World

'Conscience of the Holocaust,' Nazi hunter Wiesenthal dies

Wiesenthal brought 1,100 Nazi fugitives to trial. Among them was Adolf Eichmann, the man entrusted by Adolf Hitler to exterminate the Jews of Europe.

Simon Wiesenthal, the Holocaust survivor who helped track down Nazi war criminals following the Second World War, has died. Wiesenthal died in his sleep at his home in Vienna at the age of 96.

Wiesenthal brought 1,100 Nazi fugitives to trial. Among them was Adolf Eichmann, the man entrusted by Adolf Hitler to exterminate the Jews of Europe.

"I think he'll be remembered as the conscience of the Holocaust," said Rabbi Marvin Hier, dean of the Simon Wiesenthal Centre in Los Angeles.

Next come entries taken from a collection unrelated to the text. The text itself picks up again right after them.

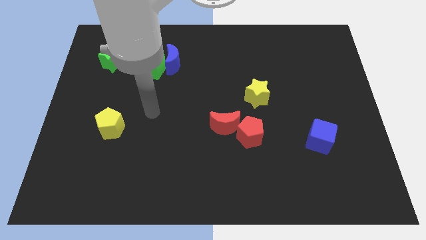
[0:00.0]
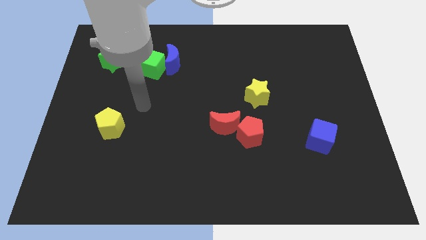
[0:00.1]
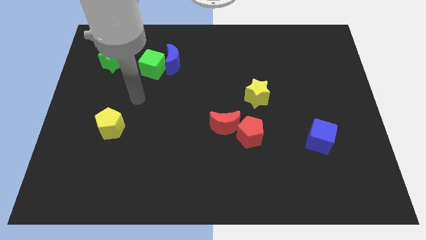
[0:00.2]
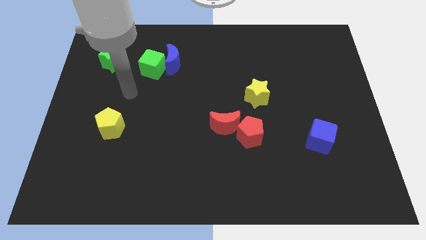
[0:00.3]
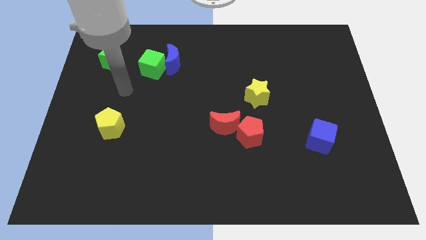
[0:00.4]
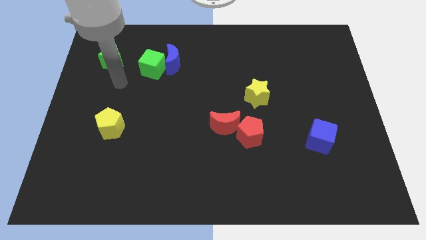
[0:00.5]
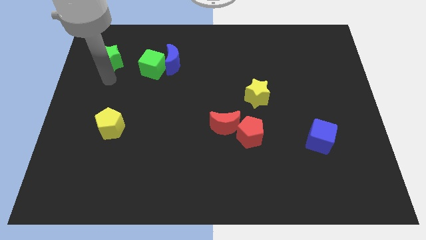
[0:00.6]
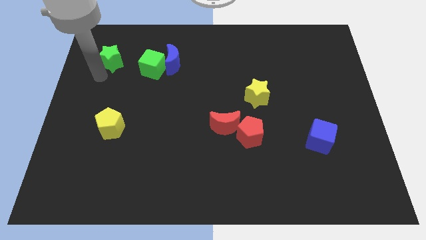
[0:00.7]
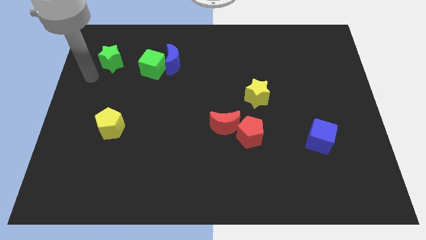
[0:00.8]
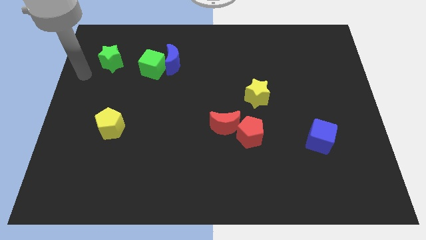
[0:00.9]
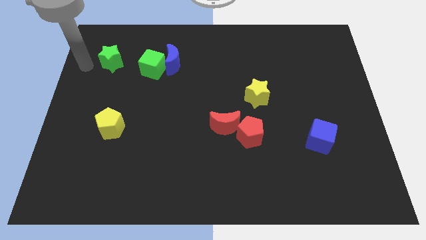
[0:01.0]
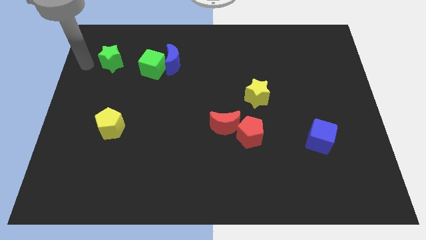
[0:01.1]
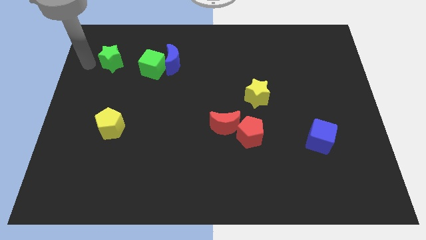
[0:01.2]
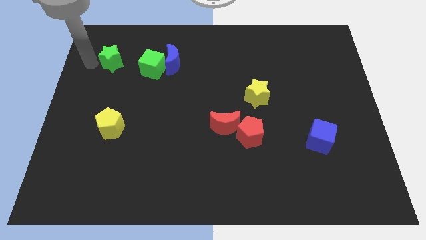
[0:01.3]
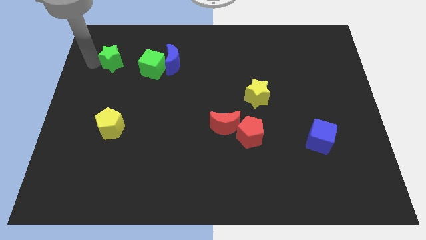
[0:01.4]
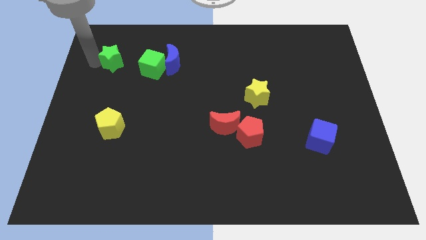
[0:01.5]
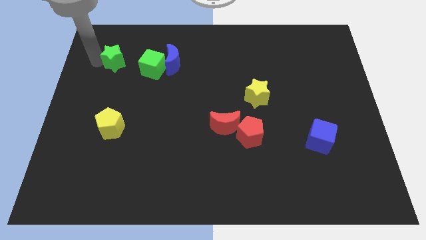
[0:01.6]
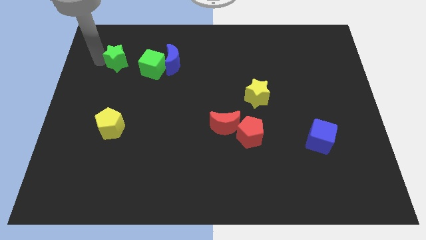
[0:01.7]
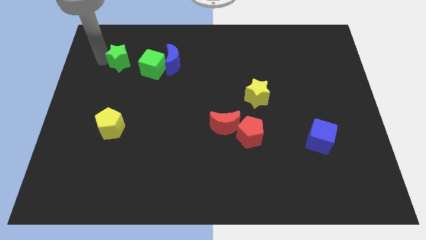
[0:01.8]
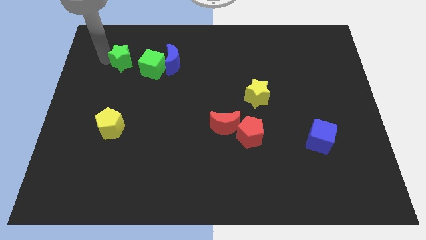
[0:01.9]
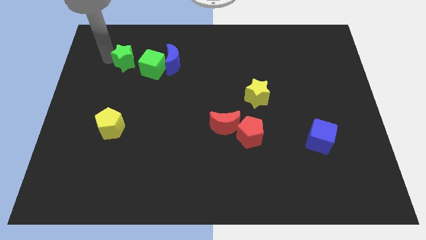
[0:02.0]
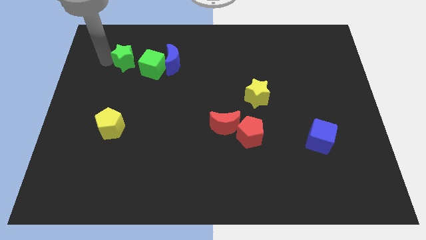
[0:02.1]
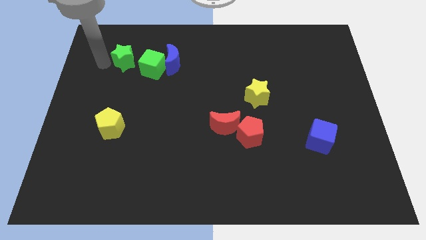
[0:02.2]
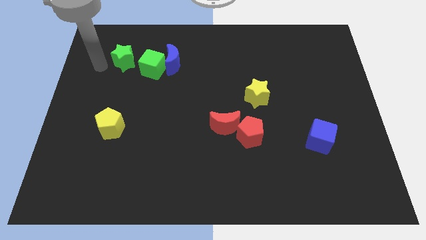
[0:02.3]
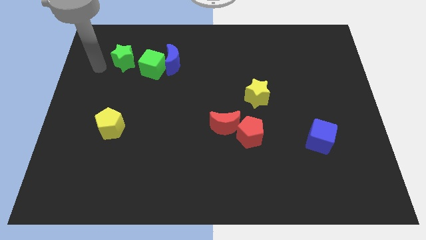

"In a way, he became the permanent representative of the victims of the Holocaust, determined to bring the perpetrators of the greatest crime to justice."

Wiesenthal was born in 1908 in what is now Ukraine. He had been an architect before the Second World War. A survivor of five Nazi death camps, Wiesenthal dedicated himself to being a voice for the six million Jews who died during the genocide.

He lost 89 relatives in the Holocaust.

Wiesenthal was best known for helping to track down Adolf Eichmann, one of the leaders of the SS, the Nazi party's elite paramilitary force. He was found in Argentina and abducted by Israeli agents in 1960. Eichmann was tried for his crimes in Jerusalem and hanged in 1962.

He also located Karl Silberbauer, the Austrian policeman Wiesenthal said to have arrested Anne Frank. Frank was the Dutch teenager who had hid with her family in an Amsterdam house until they were found in August 1944. Frank was sent to the Bergen-Belsen concentration camp where she died. Officials never reacted to Wiesenthal's tip about locating Silberbauer.

"When history looks back I want people to know the Nazis weren't able to kill millions of people and get away with it," Wiesenthal once said.

Wiesenthal will be buried in Israel.